Ah, but the evil intent pays the bills in our family given my husband works as an automotive machinist, not to be confused with an auto mechanic. He has saved us a lot of money over the years because he typically can fix whatever problems our vehicles may develop.
However, I did suggest to him last night that life might be better if we still relied on horse power, and I’m not talking motors. We decided he would have been a farrier if you were to translate his current job to back-in-the-day.
My father was among many things a farrier.
Gas leak in the garage can be potentially combustible too – at least seep from the garage into the house. I went out and bought some kitty litter to help soak it up. I had this happen and if the furnance would have kicked on who knows what could have been the outcome – my hubbie spilled a good amount of gas filling the snow blower. Scary – glad you are safe!
Yes, these things happen whether gassing up the snowblower, the lawnmower… Caution is required, that’s for sure, when any amount of gas spills.
Glad that all was well!

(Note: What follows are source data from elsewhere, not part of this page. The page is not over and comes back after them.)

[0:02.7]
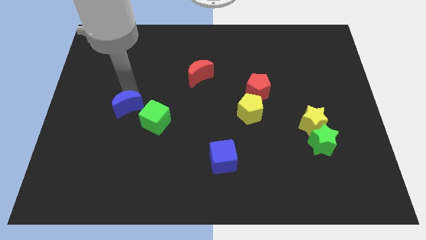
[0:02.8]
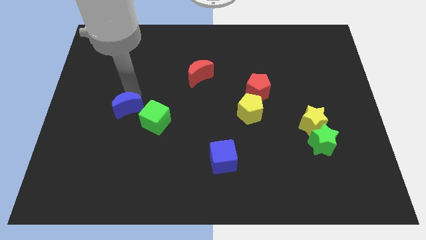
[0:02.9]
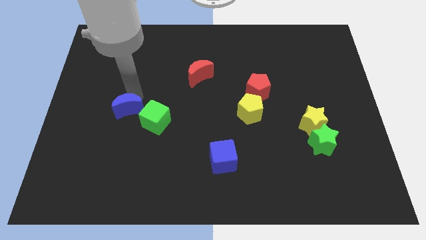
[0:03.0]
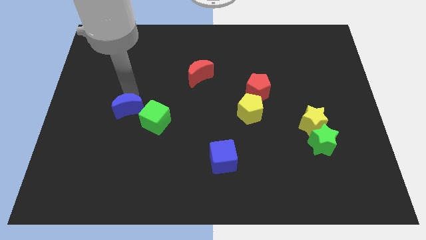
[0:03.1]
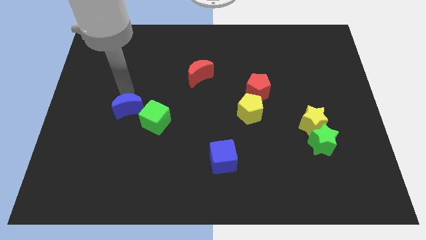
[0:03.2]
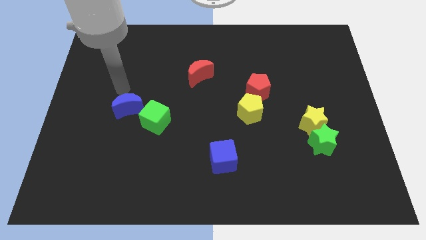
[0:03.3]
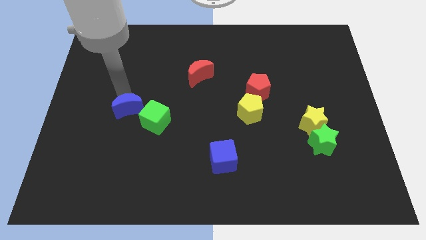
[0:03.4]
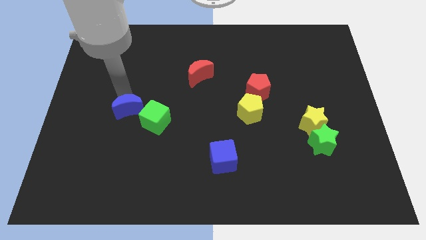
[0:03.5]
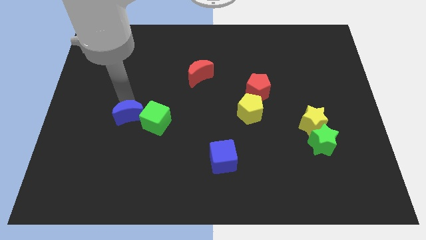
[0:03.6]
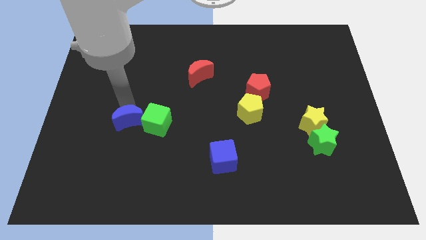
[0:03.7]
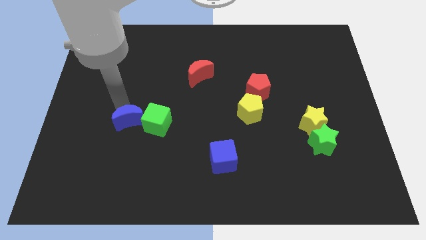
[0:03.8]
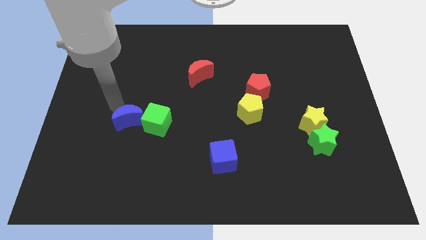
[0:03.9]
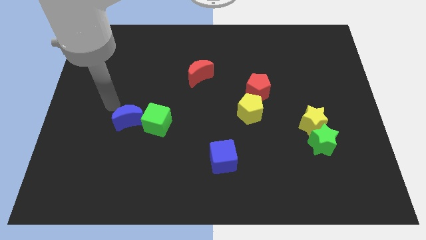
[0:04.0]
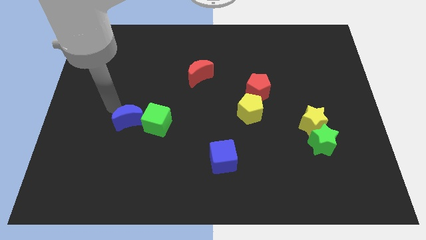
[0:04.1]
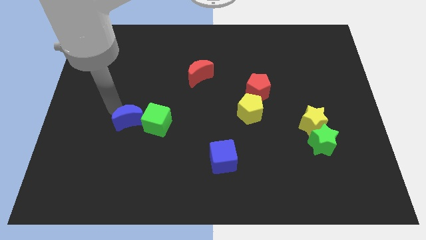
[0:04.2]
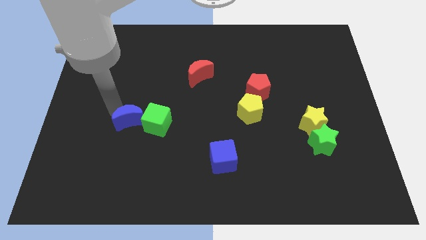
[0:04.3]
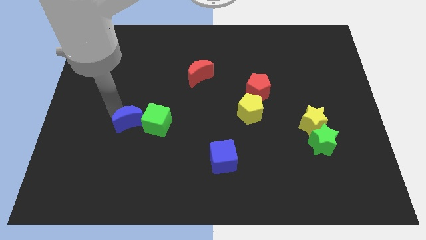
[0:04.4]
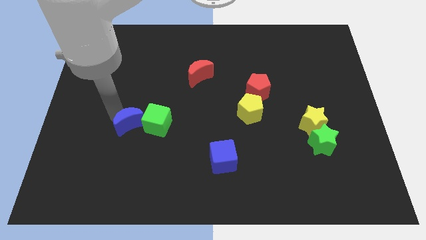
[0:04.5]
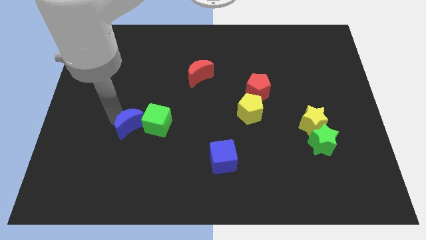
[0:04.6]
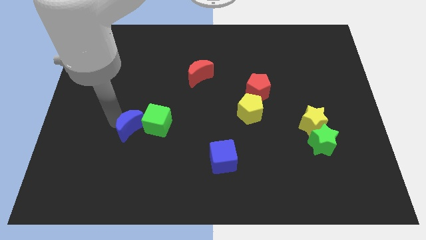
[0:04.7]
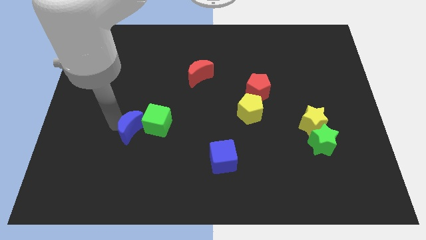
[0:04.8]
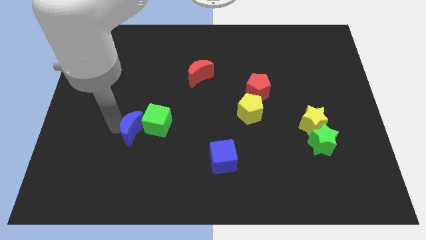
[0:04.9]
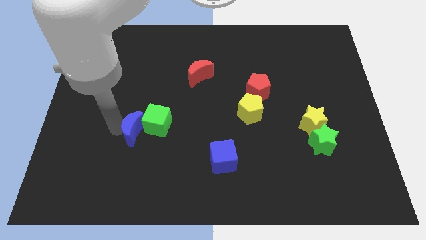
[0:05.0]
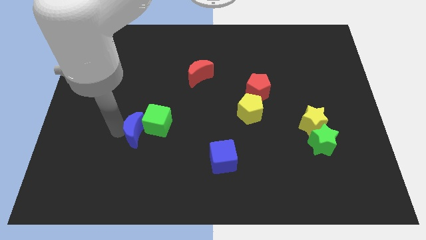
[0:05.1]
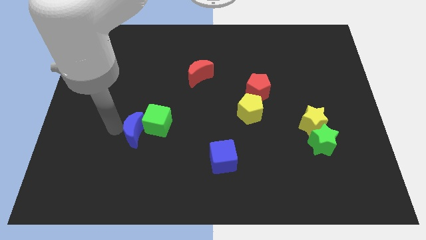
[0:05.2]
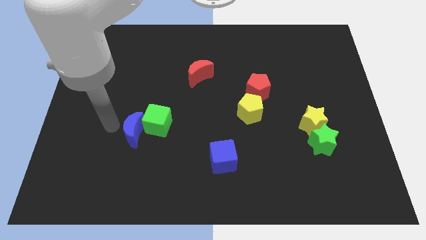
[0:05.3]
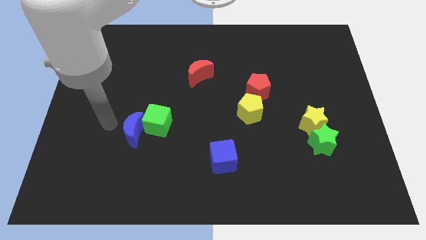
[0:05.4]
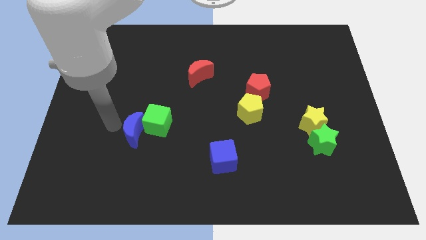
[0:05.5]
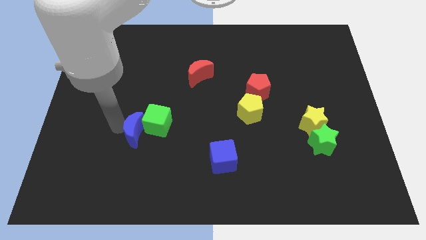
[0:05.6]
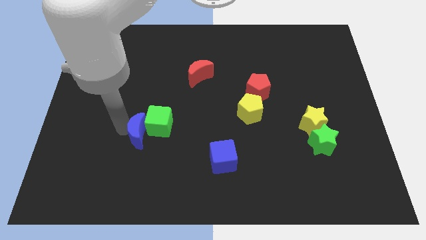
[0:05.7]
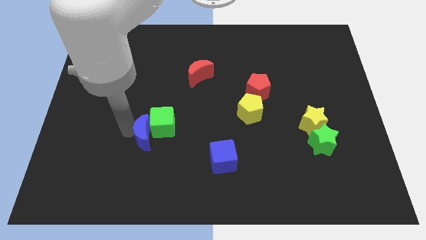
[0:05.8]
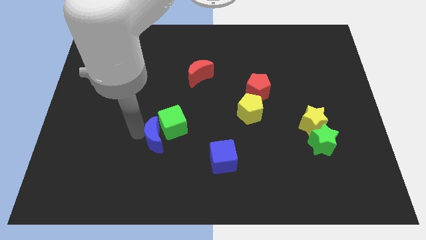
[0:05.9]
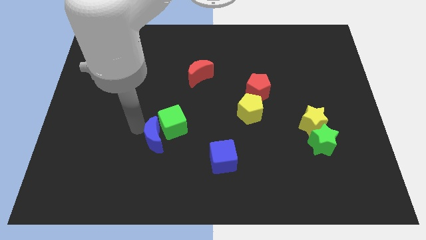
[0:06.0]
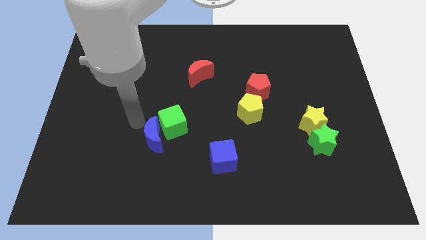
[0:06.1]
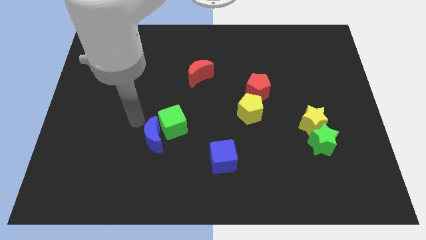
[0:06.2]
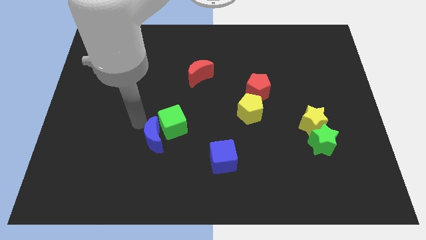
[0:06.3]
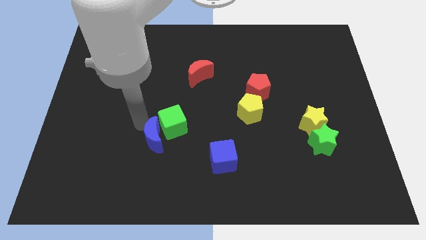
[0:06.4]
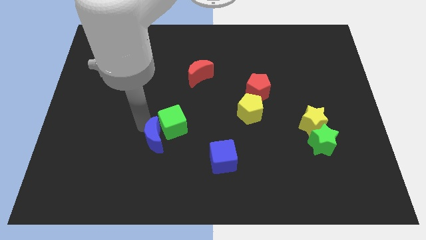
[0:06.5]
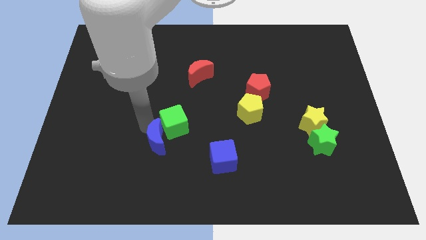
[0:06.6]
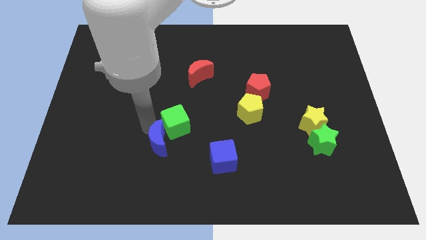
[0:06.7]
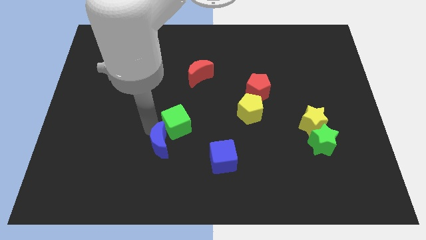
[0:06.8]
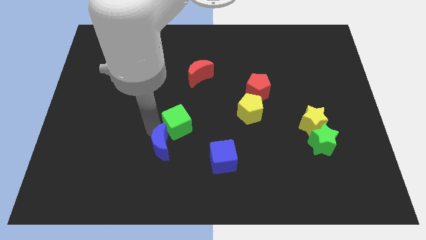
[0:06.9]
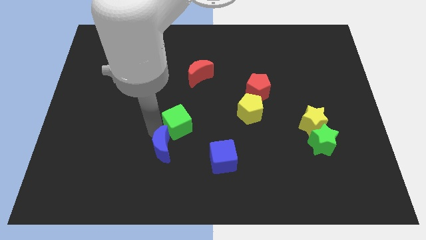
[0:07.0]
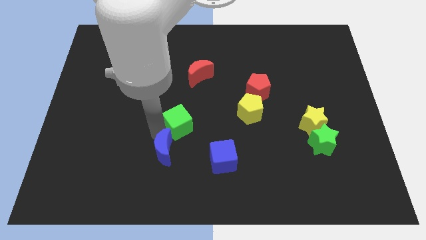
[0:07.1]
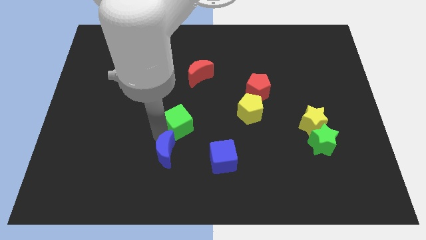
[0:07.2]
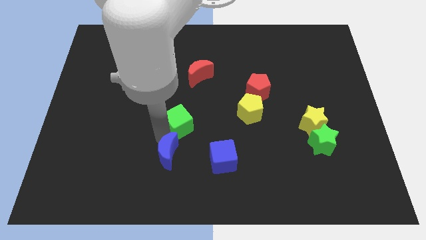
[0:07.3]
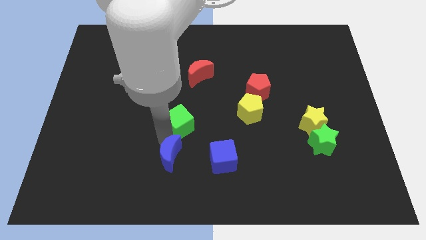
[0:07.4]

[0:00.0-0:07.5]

I sure dislike it when cars don’t obey our rules.
Ha, ha. Cars don’t obey our rules.
It sounds very scary. I don’t think I would have been brave enough to push the car out after seeing my neighbor’s car catch fire years ago.
That’s kind of the scary part. I did not even think about the danger to either of us until later. Foolish, I know. I was just thinking, at the time, about our garage and our house.
I think I would have pushed the car out, too, without thinking beyond “save the house! save the other car!” Glad you’re all okay. I hate the smell of gasoline.
I hate the smell of gas, too. The other interesting part I did not mention is the photo I had just seen in our local daily newspaper of a car fire in Faribault only days earlier. That image flashed through my mind also.
Scary…Glad you are both ok and the car was an easy fix!
Thanks, Jackie. Given we don’t have a heated garage, Randy was glad it was an easy fix, too.
I would have been terrified. This is not a good situation and it could have been so much worse. Your guardian angels have been working overtime xx
And this isn’t the first time guardian angels pulled duty for our family.
If you do get a horse, what kind? An “oatsmobile”?
Allan, I’ve missed your humor. Welcome back.
What a relief!
Yes, imagine, a potentially scary story with a happy ending.